Codex Guidelines impact will be far reaching.

As you learn about the Codex Alimentarius and the Codex Draft Guidelines for Vitamin and Mineral Food Supplements, there are other associated matters that are separate but related. The following is presented to assist you in understanding the nuances of each matter and the potential impact of the Codex Guidelines.

INFLUENCES
There are two opposing factions for the use and control of dietary supplements. One restricts supplement access by the public to low doses to prevent a deficiency condition, with higher doses to be under medical supervision. Pharmaceutical drugs are the preferred option for treatment. The other faction views dietary supplements as safe and appropriate for individuals to have free access to, and effective in prevention and treatment of many diseases. A review of the history of the development of the Codex Guidelines appears to support the idea that this trade regulation restricting free access to dietary supplements was initiated by the anti-supplements faction. These countries are the ones that have prevailed each time opposition attempted to stop the development of the Guidelines or to minimize the restrictions. more...

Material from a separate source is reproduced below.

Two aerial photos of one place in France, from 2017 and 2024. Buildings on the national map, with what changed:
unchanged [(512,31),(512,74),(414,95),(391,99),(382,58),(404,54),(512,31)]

Who will benefit the most from the implementation of the Guidelines? There are many who feel the pharmaceutical industry will be the strongest beneficiary. They feel that when vitamins and minerals are no longer available in dosages sufficient for use to prevent disease, more drugs will be needed to treat the resulting illnesses. more...

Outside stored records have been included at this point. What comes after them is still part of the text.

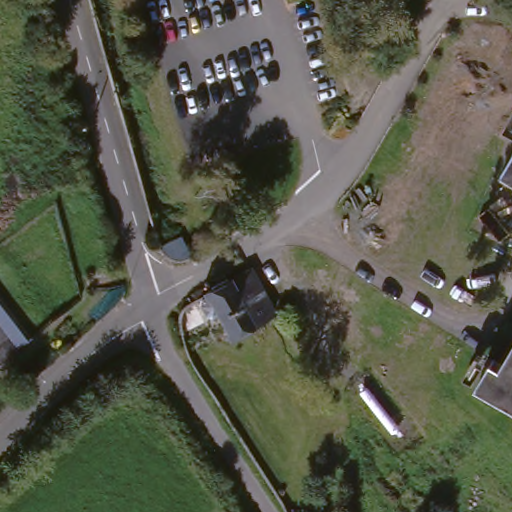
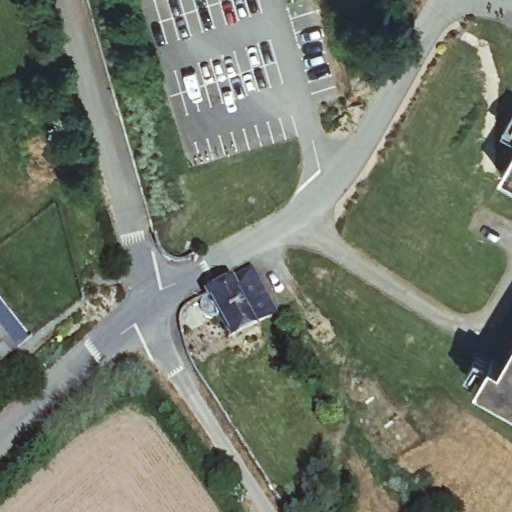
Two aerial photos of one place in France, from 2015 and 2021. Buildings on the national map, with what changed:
unchanged [(512,157),(512,178),(503,173),(512,157)]
unchanged [(250,273),(275,317),(233,337),(209,294),(250,273)]
unchanged [(28,330),(0,353),(0,296),(28,330)]
unchanged [(493,357),(499,361),(512,342),(512,403),(479,385),(493,357)]

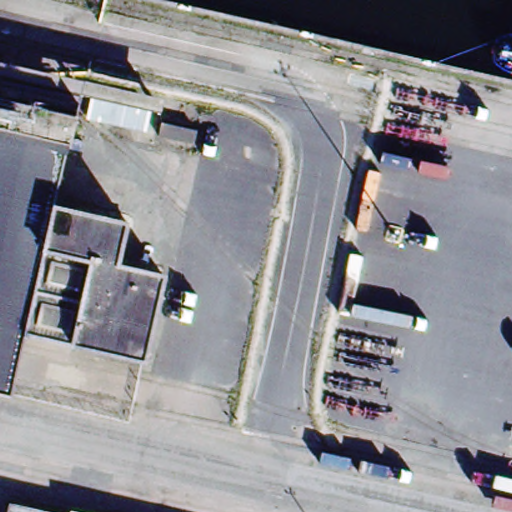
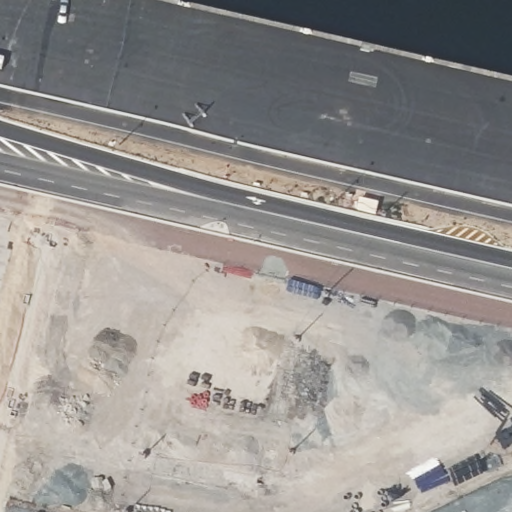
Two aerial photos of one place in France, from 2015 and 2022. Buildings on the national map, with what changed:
demolished [(0,128),(0,90),(83,109),(75,145),(0,128)]
demolished [(202,140),(167,131),(170,119),(205,126),(202,140)]
demolished [(0,394),(0,128),(75,145),(59,202),(48,254),(91,263),(75,346),(29,336),(18,398),(0,394)]
demolished [(134,220),(125,262),(167,275),(147,364),(75,346),(91,263),(48,254),(59,202),(134,220)]
demolished [(91,512),(15,512),(19,495),(91,512)]

DSHEA & LEGISLATION IN U.S.
The United States is one of the few countries with specific legislation to protect consumer access to dietary supplements. The key legislative protection is the Dietary Supplement Health and Education Act of 1994 (DSHEA). A number of senators and and members of Congress in Washington, DC introduce bills each year to reverse some or all of these protections. Will these elected officials use the Guidelines to strengthen their arguments that DSHEA needs to be changed?

As of July 2005 there are two pieces of legislation. These would require reporting of adverse reactions to dietary supplements. They would also give the FDA the power to declare a dietary supplement unsafe and remove it from the market based on these reports. Some point out that these safety criteria are stricter than those required by over-the-counter medications.

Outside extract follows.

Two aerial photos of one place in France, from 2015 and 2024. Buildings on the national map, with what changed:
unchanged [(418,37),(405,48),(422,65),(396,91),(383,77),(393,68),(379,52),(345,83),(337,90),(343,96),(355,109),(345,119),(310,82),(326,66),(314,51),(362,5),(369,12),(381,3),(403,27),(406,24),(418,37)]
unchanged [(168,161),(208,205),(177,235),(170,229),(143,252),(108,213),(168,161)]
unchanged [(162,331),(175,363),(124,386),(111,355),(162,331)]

U.S. House of Representatives Bill 3156 -- Dietary Supplement Access and Awareness Act
This bill proposes to revise the "unreasonable risk" clause of DSHEA by significantly strengthening the FDA's ability to judge a supplement unsafe.

U.S. Senate Amendment 1379 -- attached to to U.S. Senate Department of Defense Authorization Bill 1042
This amendment requires certain dietary supplement manufacturers to report serious adverse events. It also prohibits supplements with stimulants to be available in military installation stores.


USDA & FDA
The U.S. Codex Office is under the Food Safety and Inspection Service (FSIS) of US Department of Agriculture (USDA) which is part of the U.S. Department of Health and Human Services (HHS). Dr. Frank E. Scarborough is U.S. Manager for Codex, U.S. Codex Office.

Regulation of dietary supplements is under the Center for Food Safety and Applied Nutrition of the U.S. Food and Drug Administration (FDA), which is part of the U.S. Department of Health and Human Services (HHS). A significant number of the head delegates of U.S. delegations to Codex committees are employees of the FDA, including the delegation to the Codex Committee on Nutrition and Foods for Special Dietary Uses (CCNFSDU) which drafted the Guidelines.

Some see the FDA as having to serve two opposing agendas - pharmaceutical drugs and dietary supplements. Can they be loyal to both? Will the FDA activate a policy to harmonize DSHEA to international standards -- the Guidelines?


TRADE AGREEMENTS
The United States has signed a number of trade agreements and is in the process of negotiating more. Many view these trade agreements as threats to health freedoms within the U.S. due to the segments that give up regulatory control to others and require harmonizing national laws to match international trade standards.

Countries becoming members of the World Trade Organization (WTO) grant that organization the authority to enforce the Agreement on the Application of Sanitary and Phytosanitary Measures (SPS) and Agreement on Technical Barriers to Trade (TBT). The WTO can force a member country (including the U.S.) to change a national law or pay large trade sanctions, if the country loses a trade dispute brought to the WTO Dispute Settlement Procedure.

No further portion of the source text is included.